La philosophie de Samsung repose sur un diagnostic de plus en plus partagé : un saut de nœud — du “N” au “M”, selon la terminologie du secteur — ne multiplie plus le rendement ni ne réduit l’empreinte comme avant. Selon Shin, en pratique, le passage d’une génération à une autre se traduit généralement par environ 15 % de performance en plus et 15 % de réduction de surface, bien loin des facteurs de 2× que supposait la vieille “mythe” de la Loi de Moore. Dans ce contexte, DTCO propose de briser la barrière traditionnelle entre ce que décide le concepteur (architecture, bibliothèques de cellules, topologies d’interconnexion) et ce que impose le procédé (règles de routage, profondeur de métallisation, ressources en énergie, restrictions de pitch).
Concrètement, comment cela fonctionne-t-il ? L’équipe de conception formule des exigences fonctionnelles et identifie des goulets d’étranglement, tandis que les ingénieurs processus ajustent les règles et les stacks — du largeur des pistes à la hauteur des cellules ou au nombre de pistes (tracks) par rangée — pour ouvrir de nouvelles options, qui à leur tour débloquent de meilleures dispositions (placement), des routages plus courts ou des cellules plus efficaces. Cet échange permet, par exemple, de compacter des blocs critiques, de réduire la capacité de couplage de l’interconnexion, de améliorer la distribution de puissance et de diminuer la consommation sans sacrifier le timing.
Shin a quantifié l’impact : sur un nœud de 7 nm, environ 10 % de la performance globale provient déjà de DTCO. Pour des nœuds inférieurs à 3 nm, la compagnie **s’attend à ce que cette contribution monte jusqu’à 50 %**. Il n’est pas surprenant que tant Samsung que TSMC disposent aujourd’hui d’équipes dédiées à cette discipline, confrontées à la physique (effets quantiques, variabilité, IR-drop, electromigration) et à une demande — celle de l’IA — qui croît à des rythmes qui “décuplent tous les quelques mois” tandis que la progression du silicium s’effectue à un rythme de 1-2 % par revue de nœud.

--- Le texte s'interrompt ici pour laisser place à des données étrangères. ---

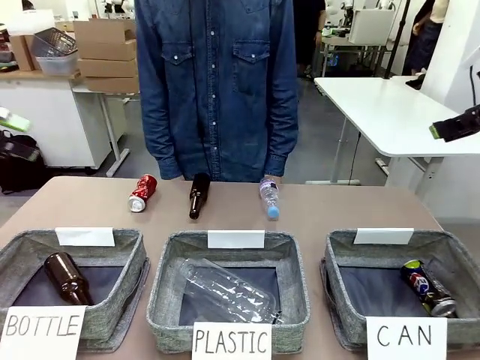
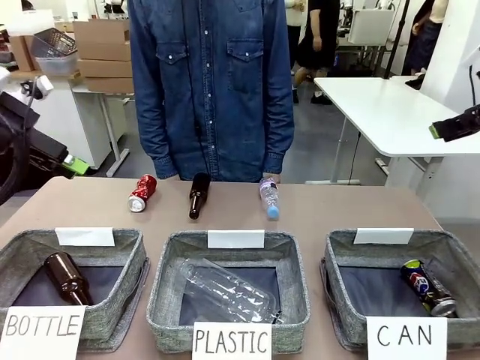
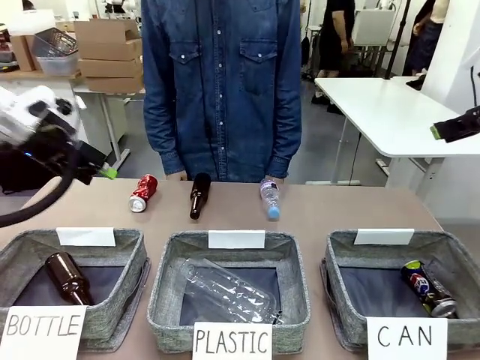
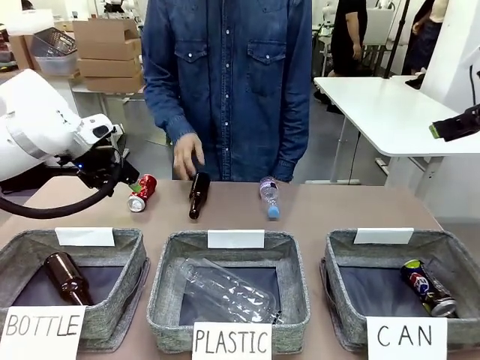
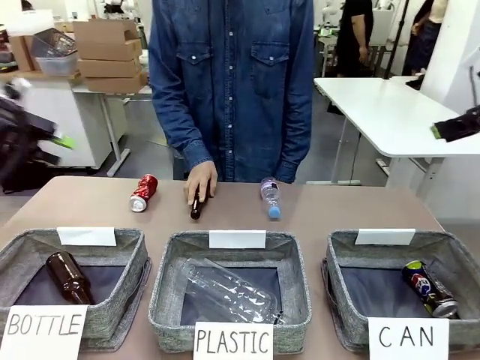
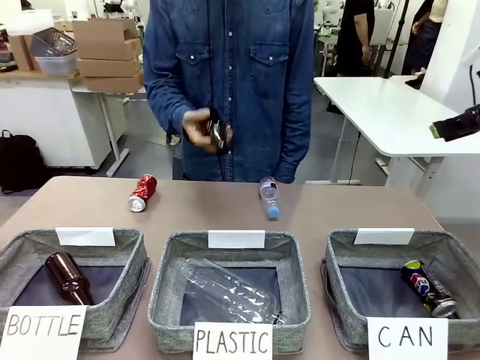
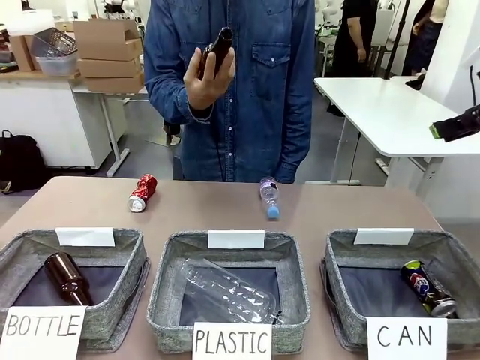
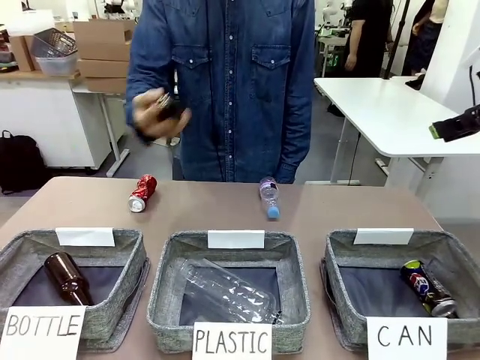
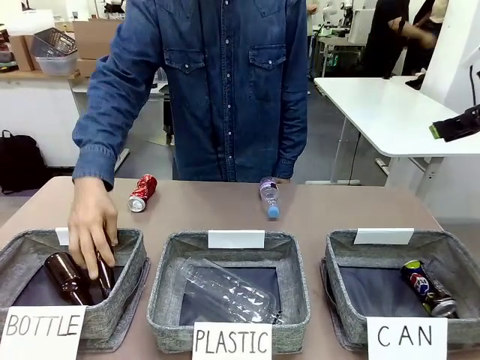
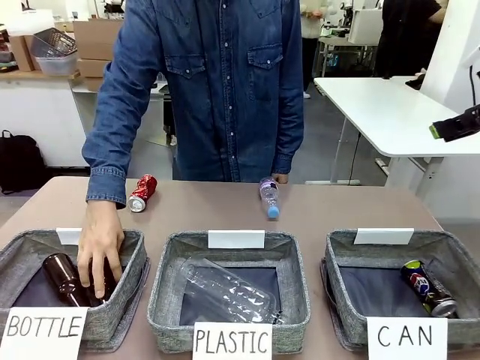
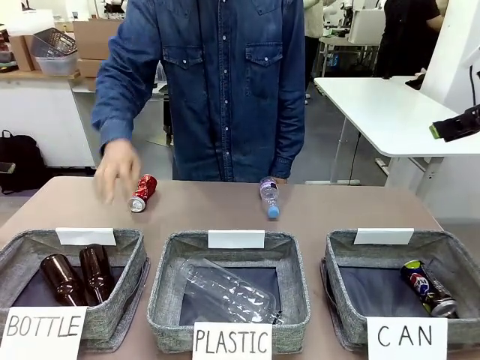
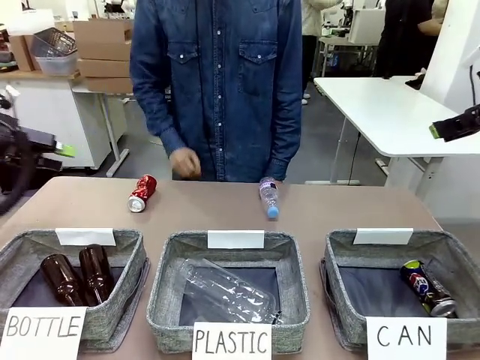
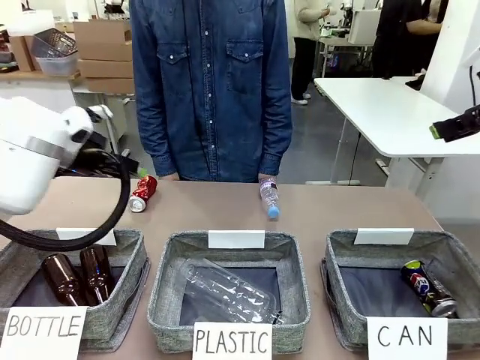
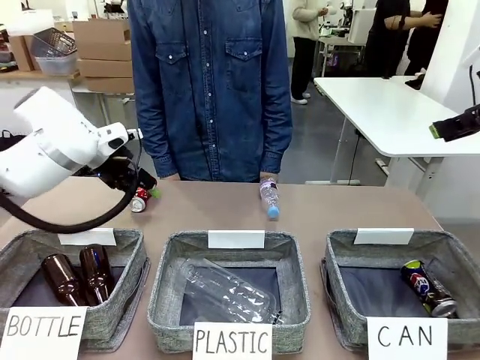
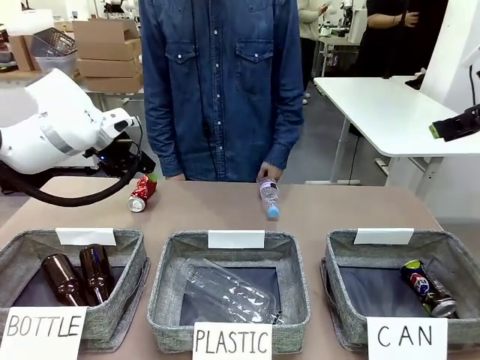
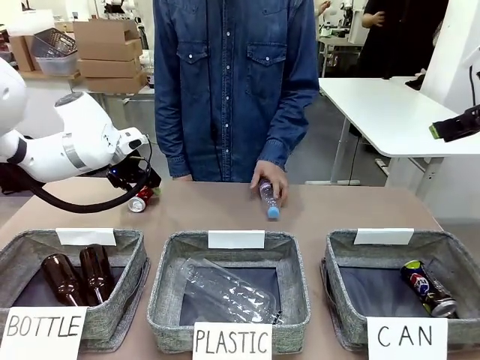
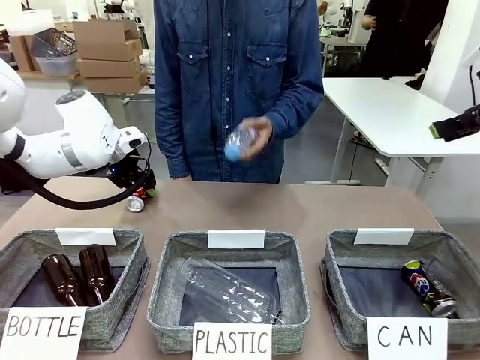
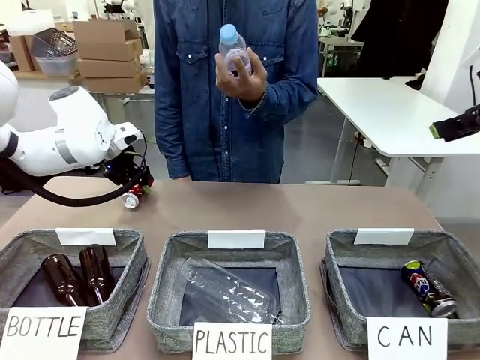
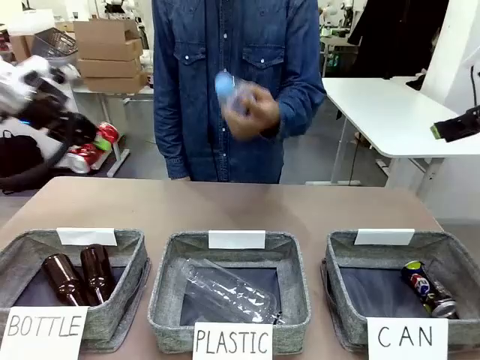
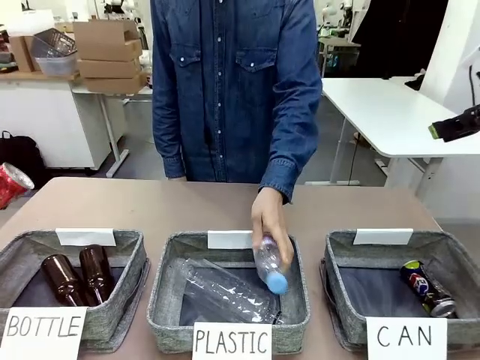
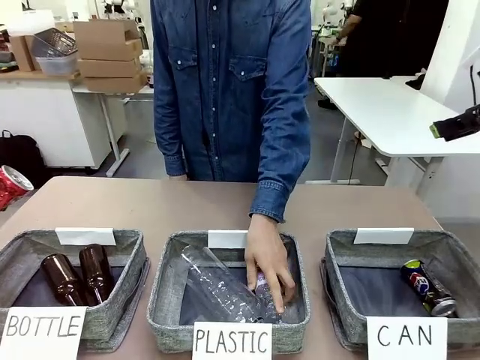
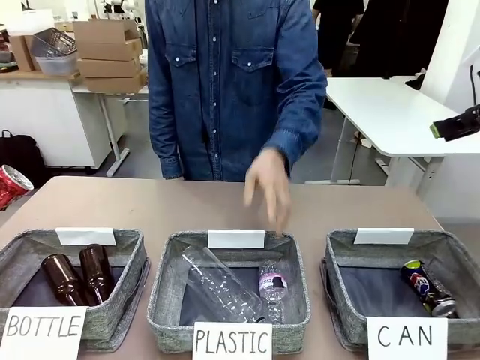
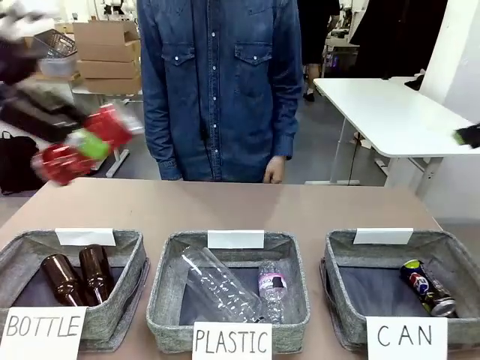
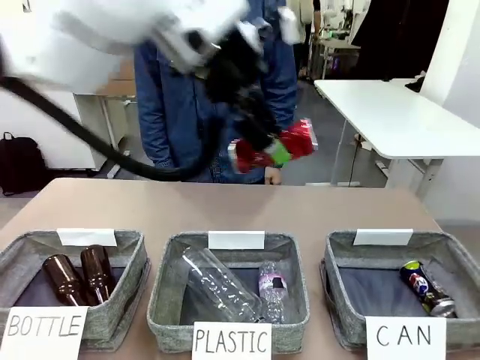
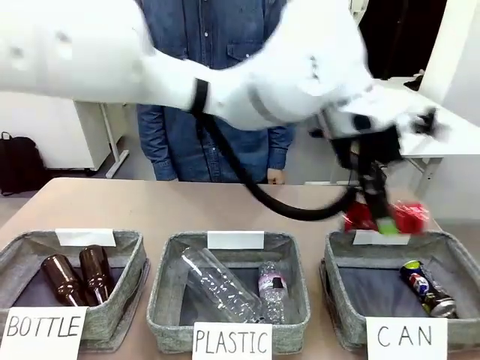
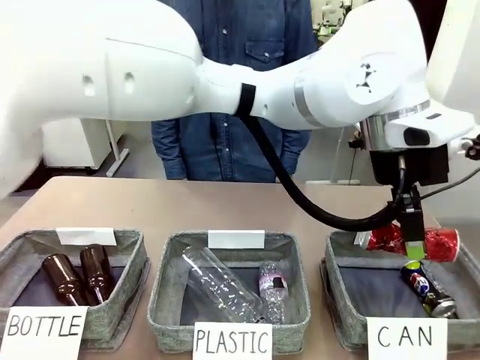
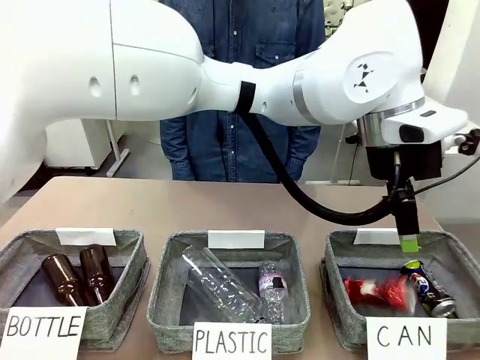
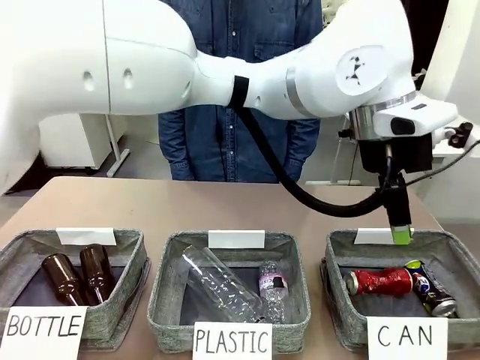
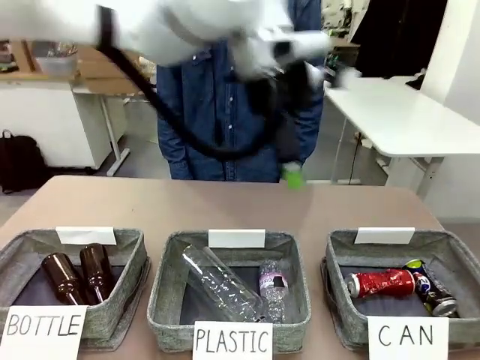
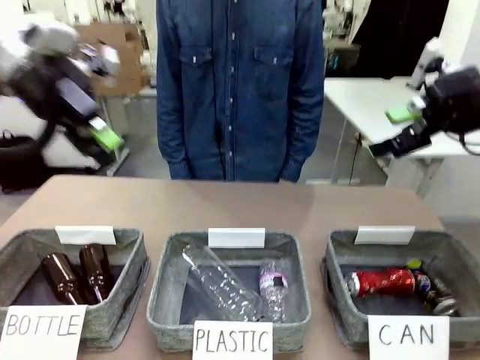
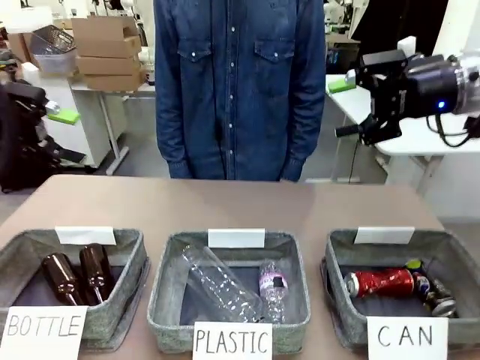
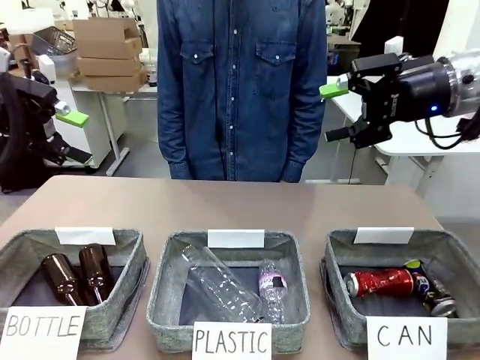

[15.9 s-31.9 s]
Task: Sort the can waste into the basket.
Robot: Pick up the can waste from the table and place it in the right Fabric basket.
Person: The human picks up one piece of trash that is not a can and places the trash into the appropriate organizing basket.

Du plan plan au FinFET puis au GAA : le terrain où DTCO fait la différence
Le dirigeant a évoqué l’évolution de l’architecture du transistor : du planar classique au FinFET et, plus récemment, au GAA (Gate-All-Around), où la porte entoure complètement le canal pour améliorer le contrôle électrostatique et réduire les fuites. Samsung se prévaut d’avoir été pionnière du FinFET à 14 nm et d’avoir porté le GAA à la production en volume, avec des milliards de transistors GAA déjà intégrés dans des dispositifs comme les smartphones.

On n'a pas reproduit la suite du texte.